Microarray technology makes it possible to measure the mRNA gene expression levels for large numbers of genes simultaneously. Analysis of a few microarray experiments can unravel many important biological phenomena, such as patterns of gene expression over time, groups of genes regulated by the same processes, highly responsive genes, and comparisons between experimental conditions. This data analysis is a prodigious job and represents an emerging field where biochemistry, computer science, and mathematics are combining to solve clinical problems. In this study, several microarray analysis techniques, including the use of Self-Organizing Maps, were developed and used to understand gene expression changes following macrophage culture with clinically relevant ultra-high molecular weight polyethylene (UHMWPE) and titanium- aluminum-vanadium (TiAlV) particles.

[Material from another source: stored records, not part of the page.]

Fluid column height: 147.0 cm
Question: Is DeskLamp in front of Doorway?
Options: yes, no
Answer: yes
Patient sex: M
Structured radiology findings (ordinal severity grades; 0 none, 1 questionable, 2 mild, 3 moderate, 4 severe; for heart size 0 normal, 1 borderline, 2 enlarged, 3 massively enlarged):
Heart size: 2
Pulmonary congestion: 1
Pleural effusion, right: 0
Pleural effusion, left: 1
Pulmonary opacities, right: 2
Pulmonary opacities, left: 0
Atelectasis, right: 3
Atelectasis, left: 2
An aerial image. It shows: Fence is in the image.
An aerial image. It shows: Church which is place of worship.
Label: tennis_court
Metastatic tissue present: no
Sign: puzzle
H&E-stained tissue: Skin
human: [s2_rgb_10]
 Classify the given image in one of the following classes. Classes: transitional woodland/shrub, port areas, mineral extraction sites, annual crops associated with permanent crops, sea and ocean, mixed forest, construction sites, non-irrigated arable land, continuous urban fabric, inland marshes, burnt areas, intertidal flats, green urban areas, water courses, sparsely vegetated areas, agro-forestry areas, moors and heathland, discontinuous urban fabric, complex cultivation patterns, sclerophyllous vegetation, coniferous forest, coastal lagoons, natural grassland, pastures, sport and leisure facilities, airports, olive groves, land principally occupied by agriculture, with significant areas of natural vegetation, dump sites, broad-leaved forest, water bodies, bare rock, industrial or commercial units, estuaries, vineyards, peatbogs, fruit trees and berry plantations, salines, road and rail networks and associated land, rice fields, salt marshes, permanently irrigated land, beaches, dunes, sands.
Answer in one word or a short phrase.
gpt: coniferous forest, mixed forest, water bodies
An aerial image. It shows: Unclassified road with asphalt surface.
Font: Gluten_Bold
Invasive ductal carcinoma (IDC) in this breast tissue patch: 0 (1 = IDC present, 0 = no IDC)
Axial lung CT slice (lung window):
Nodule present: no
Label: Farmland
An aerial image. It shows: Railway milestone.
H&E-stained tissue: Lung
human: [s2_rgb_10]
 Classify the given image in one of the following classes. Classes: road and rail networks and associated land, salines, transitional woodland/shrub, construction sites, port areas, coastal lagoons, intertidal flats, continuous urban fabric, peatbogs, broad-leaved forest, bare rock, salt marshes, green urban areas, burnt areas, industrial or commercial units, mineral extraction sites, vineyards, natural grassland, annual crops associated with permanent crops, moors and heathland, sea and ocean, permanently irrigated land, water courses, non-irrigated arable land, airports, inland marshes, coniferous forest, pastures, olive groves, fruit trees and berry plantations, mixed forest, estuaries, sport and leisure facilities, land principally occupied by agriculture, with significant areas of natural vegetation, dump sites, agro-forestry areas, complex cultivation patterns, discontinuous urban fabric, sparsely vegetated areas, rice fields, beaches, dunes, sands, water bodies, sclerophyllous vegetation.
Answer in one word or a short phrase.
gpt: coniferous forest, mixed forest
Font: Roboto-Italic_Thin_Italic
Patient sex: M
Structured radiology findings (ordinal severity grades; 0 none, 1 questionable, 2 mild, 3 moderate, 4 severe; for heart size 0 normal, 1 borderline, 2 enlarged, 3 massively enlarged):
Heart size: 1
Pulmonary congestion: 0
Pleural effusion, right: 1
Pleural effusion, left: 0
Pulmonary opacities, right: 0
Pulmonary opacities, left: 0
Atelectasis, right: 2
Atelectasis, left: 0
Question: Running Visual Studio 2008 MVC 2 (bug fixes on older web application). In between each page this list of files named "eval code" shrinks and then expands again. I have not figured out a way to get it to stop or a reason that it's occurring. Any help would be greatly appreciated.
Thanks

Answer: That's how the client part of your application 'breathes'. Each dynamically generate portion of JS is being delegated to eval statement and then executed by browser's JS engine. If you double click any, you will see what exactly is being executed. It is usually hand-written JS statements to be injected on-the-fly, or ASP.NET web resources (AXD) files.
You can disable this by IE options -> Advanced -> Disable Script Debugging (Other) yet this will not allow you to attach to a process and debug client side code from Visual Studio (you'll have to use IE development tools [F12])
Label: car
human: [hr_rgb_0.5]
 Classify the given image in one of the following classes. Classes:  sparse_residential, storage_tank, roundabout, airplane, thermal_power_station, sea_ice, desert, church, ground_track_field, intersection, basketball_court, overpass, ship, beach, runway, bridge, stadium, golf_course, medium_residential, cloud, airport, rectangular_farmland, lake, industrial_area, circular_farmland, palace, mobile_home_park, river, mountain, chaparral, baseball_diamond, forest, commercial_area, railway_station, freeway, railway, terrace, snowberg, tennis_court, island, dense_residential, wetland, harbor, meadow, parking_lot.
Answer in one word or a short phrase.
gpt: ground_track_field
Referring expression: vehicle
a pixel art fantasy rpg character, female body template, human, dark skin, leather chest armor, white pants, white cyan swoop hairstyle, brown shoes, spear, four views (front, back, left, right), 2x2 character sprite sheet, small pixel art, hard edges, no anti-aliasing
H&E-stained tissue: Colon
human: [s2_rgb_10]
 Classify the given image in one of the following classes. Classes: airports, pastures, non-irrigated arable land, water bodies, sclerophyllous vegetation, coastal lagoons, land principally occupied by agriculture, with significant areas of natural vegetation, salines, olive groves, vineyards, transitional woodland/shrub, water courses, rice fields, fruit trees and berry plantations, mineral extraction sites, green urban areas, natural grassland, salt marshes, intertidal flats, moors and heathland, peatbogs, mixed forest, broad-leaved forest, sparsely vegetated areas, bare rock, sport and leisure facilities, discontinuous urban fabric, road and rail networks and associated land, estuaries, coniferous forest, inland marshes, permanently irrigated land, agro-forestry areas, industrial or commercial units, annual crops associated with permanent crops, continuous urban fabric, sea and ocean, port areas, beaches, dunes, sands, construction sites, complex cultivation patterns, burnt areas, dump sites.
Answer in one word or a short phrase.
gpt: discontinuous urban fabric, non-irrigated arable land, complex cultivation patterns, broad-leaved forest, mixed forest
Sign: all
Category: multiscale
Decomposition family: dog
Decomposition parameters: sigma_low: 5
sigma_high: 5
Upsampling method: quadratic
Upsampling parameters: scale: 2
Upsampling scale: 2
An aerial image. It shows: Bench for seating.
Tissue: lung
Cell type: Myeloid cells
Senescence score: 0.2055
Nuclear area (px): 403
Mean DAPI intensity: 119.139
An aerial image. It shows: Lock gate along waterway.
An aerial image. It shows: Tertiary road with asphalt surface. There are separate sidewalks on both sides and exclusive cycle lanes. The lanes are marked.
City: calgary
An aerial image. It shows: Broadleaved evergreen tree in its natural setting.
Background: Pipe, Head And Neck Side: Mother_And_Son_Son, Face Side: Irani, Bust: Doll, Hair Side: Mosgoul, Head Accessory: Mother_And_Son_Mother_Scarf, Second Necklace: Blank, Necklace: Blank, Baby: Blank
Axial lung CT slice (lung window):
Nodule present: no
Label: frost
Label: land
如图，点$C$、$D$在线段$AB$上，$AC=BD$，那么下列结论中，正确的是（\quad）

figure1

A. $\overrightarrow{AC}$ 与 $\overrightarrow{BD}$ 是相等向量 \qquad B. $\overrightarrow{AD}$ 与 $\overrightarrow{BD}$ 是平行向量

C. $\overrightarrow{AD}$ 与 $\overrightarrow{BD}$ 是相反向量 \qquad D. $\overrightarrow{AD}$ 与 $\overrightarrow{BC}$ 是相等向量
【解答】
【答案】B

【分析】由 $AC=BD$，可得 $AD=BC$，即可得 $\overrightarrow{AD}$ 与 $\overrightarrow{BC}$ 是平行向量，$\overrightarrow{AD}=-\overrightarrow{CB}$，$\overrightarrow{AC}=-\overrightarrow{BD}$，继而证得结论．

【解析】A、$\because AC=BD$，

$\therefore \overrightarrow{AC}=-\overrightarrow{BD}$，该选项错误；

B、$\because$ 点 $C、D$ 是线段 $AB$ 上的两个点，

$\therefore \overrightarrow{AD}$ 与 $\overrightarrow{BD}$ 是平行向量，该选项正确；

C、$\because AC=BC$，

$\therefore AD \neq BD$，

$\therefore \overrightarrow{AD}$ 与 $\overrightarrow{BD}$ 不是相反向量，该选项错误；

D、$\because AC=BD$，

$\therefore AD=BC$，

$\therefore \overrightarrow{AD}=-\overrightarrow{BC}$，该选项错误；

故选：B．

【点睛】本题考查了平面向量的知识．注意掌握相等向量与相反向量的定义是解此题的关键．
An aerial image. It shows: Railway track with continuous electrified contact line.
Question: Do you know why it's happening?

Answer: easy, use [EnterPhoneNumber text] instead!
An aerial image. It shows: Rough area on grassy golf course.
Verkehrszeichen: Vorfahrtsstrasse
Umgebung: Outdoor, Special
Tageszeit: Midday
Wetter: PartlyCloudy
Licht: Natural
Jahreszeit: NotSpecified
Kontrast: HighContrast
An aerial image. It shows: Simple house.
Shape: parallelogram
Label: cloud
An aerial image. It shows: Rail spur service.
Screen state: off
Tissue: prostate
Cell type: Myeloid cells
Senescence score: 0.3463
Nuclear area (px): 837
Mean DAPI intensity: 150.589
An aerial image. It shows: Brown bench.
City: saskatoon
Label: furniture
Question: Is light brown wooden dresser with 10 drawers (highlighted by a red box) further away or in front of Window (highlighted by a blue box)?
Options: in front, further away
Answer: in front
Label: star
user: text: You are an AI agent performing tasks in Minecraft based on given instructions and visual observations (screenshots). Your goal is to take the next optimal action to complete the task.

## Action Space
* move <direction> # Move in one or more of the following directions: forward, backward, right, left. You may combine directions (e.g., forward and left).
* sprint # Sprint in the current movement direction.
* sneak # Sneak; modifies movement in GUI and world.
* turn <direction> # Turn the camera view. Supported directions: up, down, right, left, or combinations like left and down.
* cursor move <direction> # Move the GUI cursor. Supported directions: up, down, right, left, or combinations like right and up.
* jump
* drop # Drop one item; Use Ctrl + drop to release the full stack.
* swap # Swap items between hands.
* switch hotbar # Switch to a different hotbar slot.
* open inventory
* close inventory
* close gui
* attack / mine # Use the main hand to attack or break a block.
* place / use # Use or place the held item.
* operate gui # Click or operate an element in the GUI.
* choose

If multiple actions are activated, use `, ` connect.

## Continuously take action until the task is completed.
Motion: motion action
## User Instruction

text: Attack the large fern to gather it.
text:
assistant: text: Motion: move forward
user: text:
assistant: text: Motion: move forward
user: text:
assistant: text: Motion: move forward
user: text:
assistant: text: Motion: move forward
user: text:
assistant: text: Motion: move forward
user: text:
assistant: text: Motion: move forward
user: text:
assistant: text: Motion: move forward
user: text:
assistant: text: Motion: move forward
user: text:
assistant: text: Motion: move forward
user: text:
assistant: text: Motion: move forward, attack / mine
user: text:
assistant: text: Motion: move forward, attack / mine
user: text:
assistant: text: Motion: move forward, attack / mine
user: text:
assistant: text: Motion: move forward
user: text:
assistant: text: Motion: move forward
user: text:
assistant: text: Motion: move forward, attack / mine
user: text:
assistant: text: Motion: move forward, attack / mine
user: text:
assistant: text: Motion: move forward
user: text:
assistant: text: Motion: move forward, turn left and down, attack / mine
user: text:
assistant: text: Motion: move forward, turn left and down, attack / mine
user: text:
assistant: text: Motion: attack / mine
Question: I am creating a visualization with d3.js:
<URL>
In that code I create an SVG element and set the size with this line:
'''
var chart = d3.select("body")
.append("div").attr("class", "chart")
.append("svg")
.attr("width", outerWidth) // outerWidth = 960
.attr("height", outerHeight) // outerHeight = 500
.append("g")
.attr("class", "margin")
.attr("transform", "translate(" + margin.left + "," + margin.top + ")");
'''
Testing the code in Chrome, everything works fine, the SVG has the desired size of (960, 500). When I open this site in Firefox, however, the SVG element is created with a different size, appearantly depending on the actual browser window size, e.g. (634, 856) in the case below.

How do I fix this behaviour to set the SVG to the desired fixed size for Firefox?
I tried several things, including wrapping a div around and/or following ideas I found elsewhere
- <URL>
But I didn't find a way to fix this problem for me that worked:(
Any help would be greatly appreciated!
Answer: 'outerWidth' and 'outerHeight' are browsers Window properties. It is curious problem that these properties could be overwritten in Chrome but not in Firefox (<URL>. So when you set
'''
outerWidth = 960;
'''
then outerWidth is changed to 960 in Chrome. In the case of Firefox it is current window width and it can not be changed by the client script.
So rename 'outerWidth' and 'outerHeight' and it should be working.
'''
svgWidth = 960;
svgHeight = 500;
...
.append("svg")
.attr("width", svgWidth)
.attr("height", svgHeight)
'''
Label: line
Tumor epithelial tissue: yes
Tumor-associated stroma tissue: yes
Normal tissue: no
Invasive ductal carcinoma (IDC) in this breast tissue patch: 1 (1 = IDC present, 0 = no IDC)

The expression analysis yielded not only the expected inflammatory genes, but also new potential targets for research and therapeutics.

Materials and Methods

In vitro: Monocytes were harvested from 400ml of peripheral blood from human volunteers (n=4). After an overnight incubation, adherent cells were cultured with UHMWPE (PE), TiAlV, lipopolysaccharide (LPS) as a positive control, or medium only as a non-stimulated control (NS). Cells were harvested at 30 minutes, 4 hours, 8 hours, and 24 hours after culture, RNA extracted (Trizol, Gibco BRL, Grand Island, NY), and converted into radiolabeled cDNA using RT-PCR with ³²P-labeled primers specific for every gene on the array. The cDNA was then hybridized to a nylon membrane with specifically positioned probes for about 1,200 genes and analyzed by autoradiography (Atlas Human Array 1.2, Clontech, Palo Alto, CA). Gene arrays were performed on one trial and two samples and the remaining sample was used for confirmatory PCR. Preliminary analysis of cytokine expression was previously presented¹. Macrophage conditioned media was also extracted at each of the four time points for ELISA analysis of key inflammatory mediators and growth factors (data not shown).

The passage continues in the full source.